- Directed by: Justin Ducharme
- Written by: Justin Ducharme
- Produced by: Justin Ducharme Olivia Marie Galosky Tyler Hagan Eva Thomas
- Starring: Aalayna Primrose Nizhonniya Austin Taio Gelinas Kaniehtiio Horn
- Cinematography: Tucker Anderson
- Edited by: Lisa Pham Flowers
- Music by: Branton Olfert
- Production companies: Experimental Forest Films Your Boy Productions
- Distributed by: Vortex Media
- Release date: September 14, 2026 (TIFF);
- Running time: 88 minutes
- Country: Canada
- Languages: English Cree

= Seventeen (2026 film) =

2026 Canadian drama film

Seventeen is a Canadian drama film, directed by Justin Ducharme and slated for release in 2026. The film centres on December (Aalayna), Tamara (Nizhonniya Austin) and Aiden (Taio Gelinas), three Indigenous Canadian sex workers in Vancouver, British Columbia, whose paths intersect.

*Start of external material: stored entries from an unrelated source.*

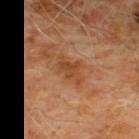Context: On the front of the torso. The tile uses cross-polarized illumination. A close-up tile cropped from a whole-body skin photograph, about 15 mm across. The subject is a male in their 60s. Automated image analysis of the tile measured a lesion area of about 5.5 mm², an eccentricity of roughly 0.8, and a shape-asymmetry score of about 0.35 (0 = symmetric). It also reported about 8 CIELAB-L* units darker than the surrounding skin and a normalized border contrast of about 6.5. The software also gave a border-irregularity index near 4.5/10, a color-variation rating of about 2/10, and radial color variation of about 0.5.
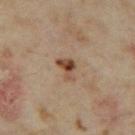Case summary:
• workup — catalogued during a skin exam; not biopsied
• patient — female, aged 33–37
• location — the leg
• tile lighting — cross-polarized
• image source — ~15 mm crop, total-body skin-cancer survey
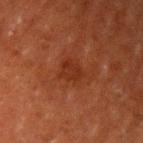Clinical impression: Captured during whole-body skin photography for melanoma surveillance; the lesion was not biopsied. Acquisition and patient details: The lesion is located on the left upper arm. Automated image analysis of the tile measured a footprint of about 5 mm², a shape eccentricity near 0.65, and two-axis asymmetry of about 0.25. The software also gave a lesion color around L≈24 a*≈23 b*≈28 in CIELAB, roughly 5 lightness units darker than nearby skin, and a lesion-to-skin contrast of about 6 (normalized; higher = more distinct). A male patient, approximately 60 years of age. The tile uses cross-polarized illumination. Longest diameter approximately 3 mm. Cropped from a whole-body photographic skin survey; the tile spans about 15 mm.
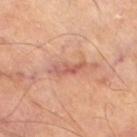The lesion was photographed on a routine skin check and not biopsied; there is no pathology result. The lesion is on the right thigh. A 15 mm crop from a total-body photograph taken for skin-cancer surveillance. A male subject, about 70 years old. Longest diameter approximately 4 mm. Captured under cross-polarized illumination.
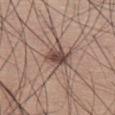Q: Was a biopsy performed?
A: no biopsy performed (imaged during a skin exam)
Q: Illumination type?
A: white-light
Q: What is the lesion's diameter?
A: ≈3.5 mm
Q: Lesion location?
A: the leg
Q: How was this image acquired?
A: ~15 mm crop, total-body skin-cancer survey
Q: Patient demographics?
A: male, approximately 60 years of age
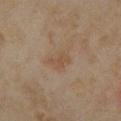follow-up = no biopsy performed (imaged during a skin exam)
body site = the right forearm
imaging modality = total-body-photography crop, ~15 mm field of view
patient = female, in their mid-30s
lesion size = ~2.5 mm (longest diameter)
image-analysis metrics = a mean CIELAB color near L≈47 a*≈16 b*≈29, a lesion–skin lightness drop of about 6, and a normalized border contrast of about 5.5; a classifier nevus-likeness of about 0/100 and a lesion-detection confidence of about 100/100
lighting = cross-polarized
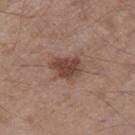{"biopsy_status": "not biopsied; imaged during a skin examination", "image": {"source": "total-body photography crop", "field_of_view_mm": 15}, "site": "leg", "lesion_size": {"long_diameter_mm_approx": 3.5}, "patient": {"sex": "male", "age_approx": 55}, "automated_metrics": {"color_variation_0_10": 3.0, "peripheral_color_asymmetry": 1.0, "nevus_likeness_0_100": 90, "lesion_detection_confidence_0_100": 100}}
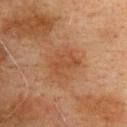Clinical impression:
Imaged during a routine full-body skin examination; the lesion was not biopsied and no histopathology is available.
Context:
Located on the upper back. A close-up tile cropped from a whole-body skin photograph, about 15 mm across. The patient is a male in their mid- to late 70s. This is a cross-polarized tile. Automated tile analysis of the lesion measured a footprint of about 8.5 mm², a shape eccentricity near 0.7, and a shape-asymmetry score of about 0.25 (0 = symmetric).
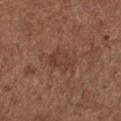workup: no biopsy performed (imaged during a skin exam)
site: the left lower leg
size: about 3.5 mm
subject: female, approximately 55 years of age
imaging modality: ~15 mm crop, total-body skin-cancer survey
TBP lesion metrics: a normalized lesion–skin contrast near 5.5; a border-irregularity rating of about 3/10, a within-lesion color-variation index near 3/10, and a peripheral color-asymmetry measure near 1
tile lighting: white-light illumination
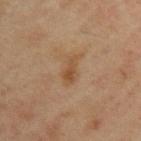Impression:
Part of a total-body skin-imaging series; this lesion was reviewed on a skin check and was not flagged for biopsy.
Clinical summary:
The subject is a male aged around 45. The lesion is on the arm. A lesion tile, about 15 mm wide, cut from a 3D total-body photograph. Captured under cross-polarized illumination. Approximately 3.5 mm at its widest.
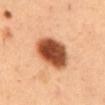Captured during whole-body skin photography for melanoma surveillance; the lesion was not biopsied. The tile uses cross-polarized illumination. A male subject, aged approximately 50. Automated tile analysis of the lesion measured a mean CIELAB color near L≈51 a*≈28 b*≈37, a lesion–skin lightness drop of about 23, and a normalized border contrast of about 14. And it measured border irregularity of about 1 on a 0–10 scale and a within-lesion color-variation index near 6.5/10. And it measured a classifier nevus-likeness of about 100/100 and lesion-presence confidence of about 100/100. On the abdomen. Cropped from a total-body skin-imaging series; the visible field is about 15 mm. About 5 mm across.

The cast also includes Kaniehtiio Horn, Shannon Baker, Ta'Kaiya Blaney, Renae Morriseau, Joel Oulette, Umar Farooq Khan, Mathias Retamal, Ray G. Thunderchild and jaye simpson in supporting roles.

==Production==
Ducharme wrote the first draft of the screenplay in 2018, with it taking further shape after he participated in the imagineNATIVE Film and Media Arts Festival's screenwriting lap program in 2019-20. Ducharme later staged a public reading of the screenplay at Emily Carr University of Art and Design in 2024.

Casting and production were announced in May 2025, with filming taking place in Vancouver.

==Release==
The film is scheduled to premiere in the Discovery program at the 2026 Toronto International Film Festival.